Today we have stayed out of the City, walking around the Stanford campus and eating lunch in Palo Alto. We also did a little laundry. Tomorrow, we are going to the Exploratorium in the morning, and in the evening we fly to Vancouver, where I will get back into physics myself by attending the Vancouver Linear Collider Workshop.

Thursday, June 01, 2006

In Medias Res

So you got a new blog, you want to join the mighty blogosphere, and what do you do? You wait for that exciting event that you will use as the grist for your first post. But life is usually not very exciting, is it? So what you reallyhave to do is just jump in.

This week I have been working with a physics major, Joshua Hignight, on simulation studies for the proposed International Linear Collider. This is fairly high level stuff, and normally a junior physics major would not be able to handle the work. Josh, though, is a pretty exceptional character - a graduate tof the Louisiana Academy for Math, Science, and the Arts. He came into LA Tech with several credit hours of college equivalent work, and he knows how to program. This is a rare art indeed, believe it or not. Most of our students are Window savvy, but would not know C++ from Sanskrit. And our grdauate students, who are predominantly Indian, claim to know C++ but usually really only know Telugu.

So Josh is helping me to get some tracking studies done before the big American Linear Collider Physics Conference in Vancouver in July. Working on the ILC is one of two major physics projects that I am involved in.
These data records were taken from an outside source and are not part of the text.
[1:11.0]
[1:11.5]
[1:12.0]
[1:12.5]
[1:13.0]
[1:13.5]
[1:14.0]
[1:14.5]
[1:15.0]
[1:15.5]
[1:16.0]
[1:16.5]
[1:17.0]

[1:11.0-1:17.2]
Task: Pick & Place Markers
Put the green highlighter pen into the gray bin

The other is the DZero experiment (officially written D0 with a / trough the 0) at Fermi National Accelerator Lab in Batavia, IL. I have been a member of DZero since 1992, which means I am one of the (many many) co-discoverers of the top quark in 1995. I have a postdoc who works for me at Fermilab, and I have a couple of graduate students involved in DZero work.
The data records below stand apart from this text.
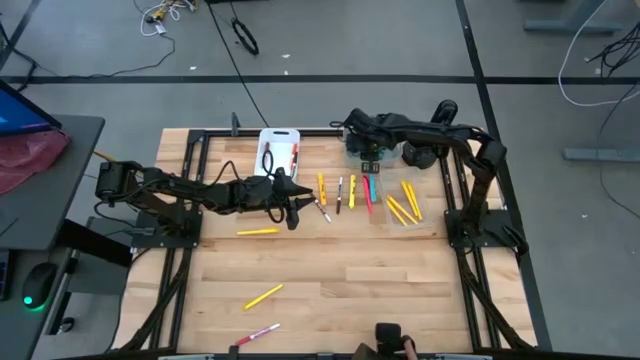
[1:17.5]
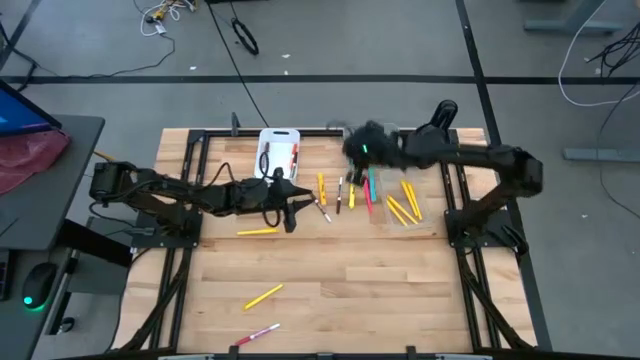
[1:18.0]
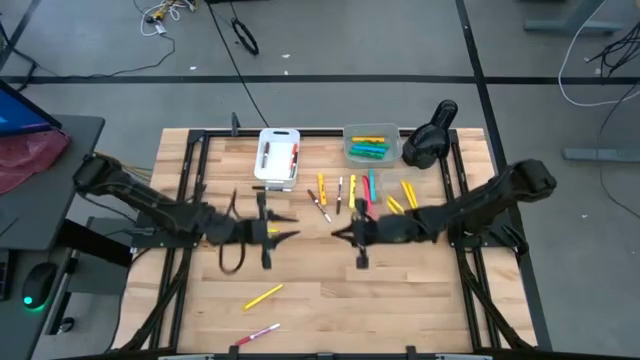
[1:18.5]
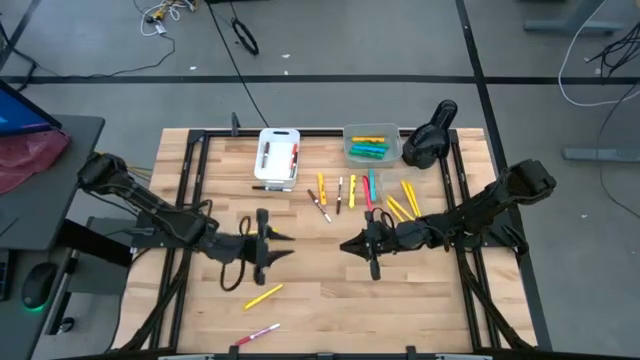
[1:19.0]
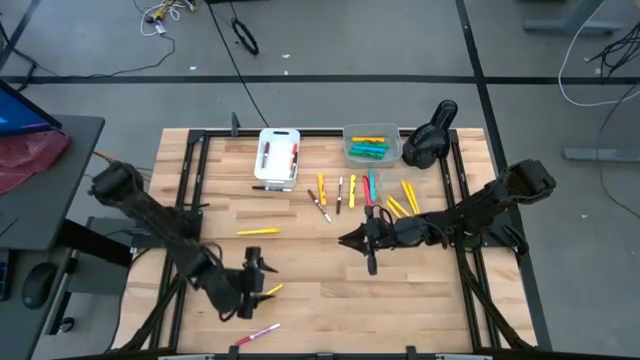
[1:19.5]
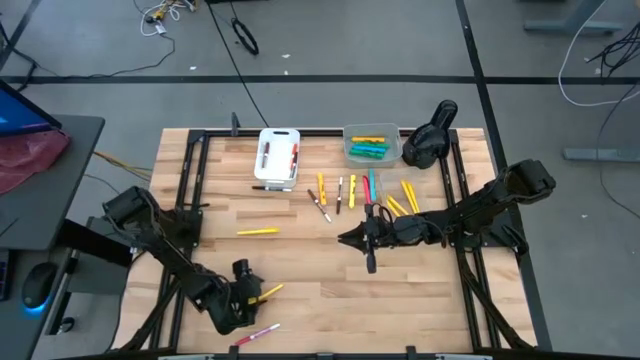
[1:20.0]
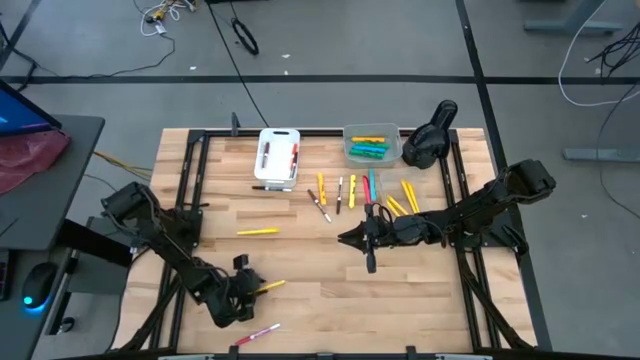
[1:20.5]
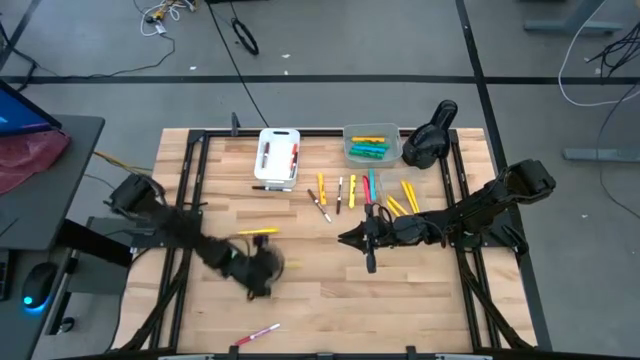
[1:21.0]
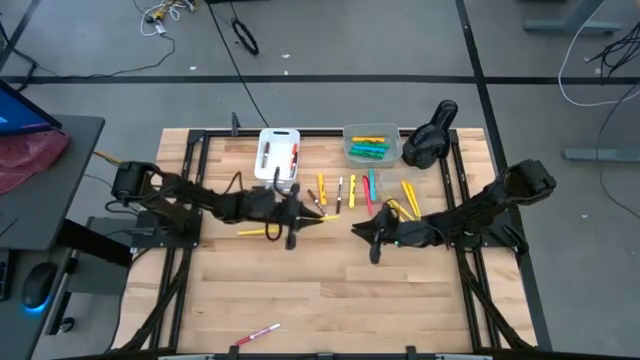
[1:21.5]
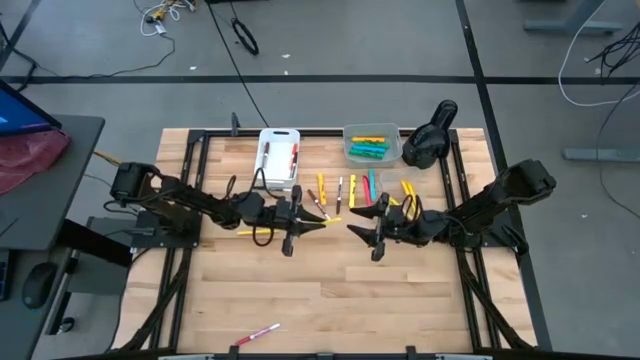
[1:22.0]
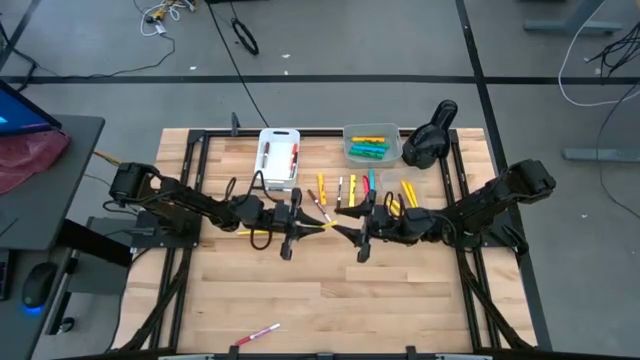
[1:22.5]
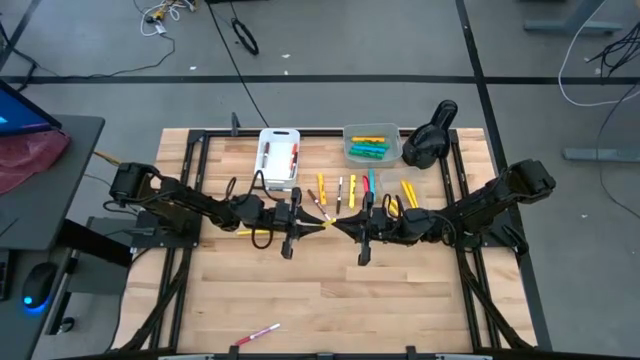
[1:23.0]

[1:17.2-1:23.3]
Put the yellow pen into the transparent bin

The other thing I do to while away the hours in the piney woods of north Louisiana is adminster the chemistry and physics programs. Because of a major reorganization of the College of Engineering and Science at LA Tech a few years back, we no longer have departments. Instead we have "programs". and instead of having department heads, we have "Academic Directors" - 12 month adminstrators who oversee the faculty in one or more programs - and "program chairs", who are 9 month regular faculty who take on the responsibility of class scheduling and curriculum issues (such as student advising, new course offerings, etc.) in a particular program. Actually, lucky me, I am both Academic Director for Chemstry & Physics, and Program Chair for Physics.

In my copious spare time I have a family, I write, and I play bass guitar with a couple of other faculty members in a blues band. That's just about me all over - let's start blogging!